So that the copy matches the original, write out every entry exactly.

========================================================================

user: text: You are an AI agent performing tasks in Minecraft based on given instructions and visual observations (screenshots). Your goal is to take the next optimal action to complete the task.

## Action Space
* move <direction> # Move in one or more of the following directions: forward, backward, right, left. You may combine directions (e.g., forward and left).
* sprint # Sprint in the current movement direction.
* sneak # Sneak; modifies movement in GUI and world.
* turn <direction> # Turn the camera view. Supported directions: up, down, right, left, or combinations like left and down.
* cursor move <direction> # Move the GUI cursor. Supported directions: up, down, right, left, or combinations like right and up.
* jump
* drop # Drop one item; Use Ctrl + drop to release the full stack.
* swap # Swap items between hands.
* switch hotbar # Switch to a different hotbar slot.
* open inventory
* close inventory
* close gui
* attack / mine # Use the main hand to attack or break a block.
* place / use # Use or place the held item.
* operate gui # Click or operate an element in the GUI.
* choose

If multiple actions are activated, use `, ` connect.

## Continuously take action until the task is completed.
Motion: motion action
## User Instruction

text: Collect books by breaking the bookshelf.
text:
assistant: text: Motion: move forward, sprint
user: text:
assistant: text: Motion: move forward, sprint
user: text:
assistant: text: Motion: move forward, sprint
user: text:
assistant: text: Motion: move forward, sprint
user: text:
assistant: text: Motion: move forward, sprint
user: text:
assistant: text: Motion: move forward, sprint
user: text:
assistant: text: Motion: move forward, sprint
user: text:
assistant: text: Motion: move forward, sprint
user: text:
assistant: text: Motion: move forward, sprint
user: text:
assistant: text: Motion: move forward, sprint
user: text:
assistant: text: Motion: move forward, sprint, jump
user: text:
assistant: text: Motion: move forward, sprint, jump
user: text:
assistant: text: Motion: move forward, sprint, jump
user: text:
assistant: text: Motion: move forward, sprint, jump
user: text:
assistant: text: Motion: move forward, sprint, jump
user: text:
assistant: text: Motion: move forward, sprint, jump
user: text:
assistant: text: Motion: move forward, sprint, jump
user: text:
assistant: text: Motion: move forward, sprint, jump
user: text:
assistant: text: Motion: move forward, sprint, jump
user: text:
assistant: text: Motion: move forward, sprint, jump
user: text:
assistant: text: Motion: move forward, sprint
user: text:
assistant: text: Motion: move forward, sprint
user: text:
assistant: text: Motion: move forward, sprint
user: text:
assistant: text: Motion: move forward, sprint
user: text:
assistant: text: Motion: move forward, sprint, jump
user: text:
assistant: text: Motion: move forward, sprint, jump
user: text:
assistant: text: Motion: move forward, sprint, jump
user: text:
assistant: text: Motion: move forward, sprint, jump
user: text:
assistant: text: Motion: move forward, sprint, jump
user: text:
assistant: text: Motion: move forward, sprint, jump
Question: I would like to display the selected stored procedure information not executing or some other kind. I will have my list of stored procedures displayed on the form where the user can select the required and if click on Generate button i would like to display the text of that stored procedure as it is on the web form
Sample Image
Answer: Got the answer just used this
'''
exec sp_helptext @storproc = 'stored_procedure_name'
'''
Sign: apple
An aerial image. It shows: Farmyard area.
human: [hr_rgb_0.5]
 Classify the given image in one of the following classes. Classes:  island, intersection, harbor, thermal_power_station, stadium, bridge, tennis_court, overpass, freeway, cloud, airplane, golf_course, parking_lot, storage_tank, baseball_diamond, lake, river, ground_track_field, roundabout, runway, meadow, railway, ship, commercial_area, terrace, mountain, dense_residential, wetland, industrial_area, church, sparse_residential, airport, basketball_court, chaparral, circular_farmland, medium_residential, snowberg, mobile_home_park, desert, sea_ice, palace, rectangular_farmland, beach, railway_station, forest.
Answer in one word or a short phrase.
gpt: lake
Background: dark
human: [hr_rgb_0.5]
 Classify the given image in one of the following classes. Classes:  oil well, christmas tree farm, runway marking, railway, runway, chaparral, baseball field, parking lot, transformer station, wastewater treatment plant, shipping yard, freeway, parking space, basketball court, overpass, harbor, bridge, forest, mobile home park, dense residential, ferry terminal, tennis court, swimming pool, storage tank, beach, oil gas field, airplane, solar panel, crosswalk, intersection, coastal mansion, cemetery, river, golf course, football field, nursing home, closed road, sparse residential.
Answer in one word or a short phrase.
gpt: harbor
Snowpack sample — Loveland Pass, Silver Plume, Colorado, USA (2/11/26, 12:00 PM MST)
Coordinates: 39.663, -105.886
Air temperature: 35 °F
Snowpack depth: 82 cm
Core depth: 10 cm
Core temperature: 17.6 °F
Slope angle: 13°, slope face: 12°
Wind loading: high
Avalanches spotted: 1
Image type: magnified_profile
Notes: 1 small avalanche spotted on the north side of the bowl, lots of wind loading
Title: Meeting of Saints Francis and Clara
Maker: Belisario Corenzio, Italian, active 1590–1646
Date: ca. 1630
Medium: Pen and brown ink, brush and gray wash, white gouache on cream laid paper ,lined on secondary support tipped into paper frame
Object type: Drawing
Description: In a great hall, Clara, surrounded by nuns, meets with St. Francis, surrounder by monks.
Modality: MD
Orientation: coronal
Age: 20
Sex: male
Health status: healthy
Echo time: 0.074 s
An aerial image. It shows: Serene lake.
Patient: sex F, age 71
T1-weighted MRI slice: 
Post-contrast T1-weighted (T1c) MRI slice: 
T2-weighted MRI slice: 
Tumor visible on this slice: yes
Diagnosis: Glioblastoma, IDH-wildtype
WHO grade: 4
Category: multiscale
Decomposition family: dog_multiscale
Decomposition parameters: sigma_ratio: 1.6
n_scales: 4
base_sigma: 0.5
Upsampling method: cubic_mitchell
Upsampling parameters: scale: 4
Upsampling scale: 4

========================================================================

• [RESULT OF THE EXERCISE]
user: text: You are an AI agent performing tasks in Minecraft based on given instructions and visual observations (screenshots). Your goal is to take the next optimal action to complete the task.

## Action Space
* move <direction> # Move in one or more of the following directions: forward, backward, right, left. You may combine directions (e.g., forward and left).
* sprint # Sprint in the current movement direction.
* sneak # Sneak; modifies movement in GUI and world.
* turn <direction> # Turn the camera view. Supported directions: up, down, right, left, or combinations like left and down.
* cursor move <direction> # Move the GUI cursor. Supported directions: up, down, right, left, or combinations like right and up.
* jump
* drop # Drop one item; Use Ctrl + drop to release the full stack.
* swap # Swap items between hands.
* switch hotbar # Switch to a different hotbar slot.
* open inventory
* close inventory
* close gui
* attack / mine # Use the main hand to attack or break a block.
* place / use # Use or place the held item.
* operate gui # Click or operate an element in the GUI.
* choose

If multiple actions are activated, use `, ` connect.

## Continuously take action until the task is completed.
Motion: motion action
## User Instruction

text: Collect books by breaking the bookshelf.
text:
assistant: text: Motion: move forward, sprint
user: text:
assistant: text: Motion: move forward, sprint
user: text:
assistant: text: Motion: move forward, sprint
user: text:
assistant: text: Motion: move forward, sprint
user: text:
assistant: text: Motion: move forward, sprint
user: text:
assistant: text: Motion: move forward, sprint
user: text:
assistant: text: Motion: move forward, sprint
user: text:
assistant: text: Motion: move forward, sprint
user: text:
assistant: text: Motion: move forward, sprint
user: text:
assistant: text: Motion: move forward, sprint
user: text:
assistant: text: Motion: move forward, sprint, jump
user: text:
assistant: text: Motion: move forward, sprint, jump
user: text:
assistant: text: Motion: move forward, sprint, jump
user: text:
assistant: text: Motion: move forward, sprint, jump
user: text:
assistant: text: Motion: move forward, sprint, jump
user: text:
assistant: text: Motion: move forward, sprint, jump
user: text:
assistant: text: Motion: move forward, sprint, jump
user: text:
assistant: text: Motion: move forward, sprint, jump
user: text:
assistant: text: Motion: move forward, sprint, jump
user: text:
assistant: text: Motion: move forward, sprint, jump
user: text:
assistant: text: Motion: move forward, sprint
user: text:
assistant: text: Motion: move forward, sprint
user: text:
assistant: text: Motion: move forward, sprint
user: text:
assistant: text: Motion: move forward, sprint
user: text:
assistant: text: Motion: move forward, sprint, jump
user: text:
assistant: text: Motion: move forward, sprint, jump
user: text:
assistant: text: Motion: move forward, sprint, jump
user: text:
assistant: text: Motion: move forward, sprint, jump
user: text:
assistant: text: Motion: move forward, sprint, jump
user: text:
assistant: text: Motion: move forward, sprint, jump
Question: I would like to display the selected stored procedure information not executing or some other kind. I will have my list of stored procedures displayed on the form where the user can select the required and if click on Generate button i would like to display the text of that stored procedure as it is on the web form
Sample Image
Answer: Got the answer just used this
'''
exec sp_helptext @storproc = 'stored_procedure_name'
'''
Sign: apple
An aerial image. It shows: Farmyard area.
human: [hr_rgb_0.5]
 Classify the given image in one of the following classes. Classes:  island, intersection, harbor, thermal_power_station, stadium, bridge, tennis_court, overpass, freeway, cloud, airplane, golf_course, parking_lot, storage_tank, baseball_diamond, lake, river, ground_track_field, roundabout, runway, meadow, railway, ship, commercial_area, terrace, mountain, dense_residential, wetland, industrial_area, church, sparse_residential, airport, basketball_court, chaparral, circular_farmland, medium_residential, snowberg, mobile_home_park, desert, sea_ice, palace, rectangular_farmland, beach, railway_station, forest.
Answer in one word or a short phrase.
gpt: lake
Background: dark
human: [hr_rgb_0.5]
 Classify the given image in one of the following classes. Classes:  oil well, christmas tree farm, runway marking, railway, runway, chaparral, baseball field, parking lot, transformer station, wastewater treatment plant, shipping yard, freeway, parking space, basketball court, overpass, harbor, bridge, forest, mobile home park, dense residential, ferry terminal, tennis court, swimming pool, storage tank, beach, oil gas field, airplane, solar panel, crosswalk, intersection, coastal mansion, cemetery, river, golf course, football field, nursing home, closed road, sparse residential.
Answer in one word or a short phrase.
gpt: harbor
Snowpack sample — Loveland Pass, Silver Plume, Colorado, USA (2/11/26, 12:00 PM MST)
Coordinates: 39.663, -105.886
Air temperature: 35 °F
Snowpack depth: 82 cm
Core depth: 10 cm
Core temperature: 17.6 °F
Slope angle: 13°, slope face: 12°
Wind loading: high
Avalanches spotted: 1
Image type: magnified_profile
Notes: 1 small avalanche spotted on the north side of the bowl, lots of wind loading
Title: Meeting of Saints Francis and Clara
Maker: Belisario Corenzio, Italian, active 1590–1646
Date: ca. 1630
Medium: Pen and brown ink, brush and gray wash, white gouache on cream laid paper ,lined on secondary support tipped into paper frame
Object type: Drawing
Description: In a great hall, Clara, surrounded by nuns, meets with St. Francis, surrounder by monks.
Modality: MD
Orientation: coronal
Age: 20
Sex: male
Health status: healthy
Echo time: 0.074 s
An aerial image. It shows: Serene lake.
Patient: sex F, age 71
T1-weighted MRI slice: 
Post-contrast T1-weighted (T1c) MRI slice: 
T2-weighted MRI slice: 
Tumor visible on this slice: yes
Diagnosis: Glioblastoma, IDH-wildtype
WHO grade: 4
Category: multiscale
Decomposition family: dog_multiscale
Decomposition parameters: sigma_ratio: 1.6
n_scales: 4
base_sigma: 0.5
Upsampling method: cubic_mitchell
Upsampling parameters: scale: 4
Upsampling scale: 4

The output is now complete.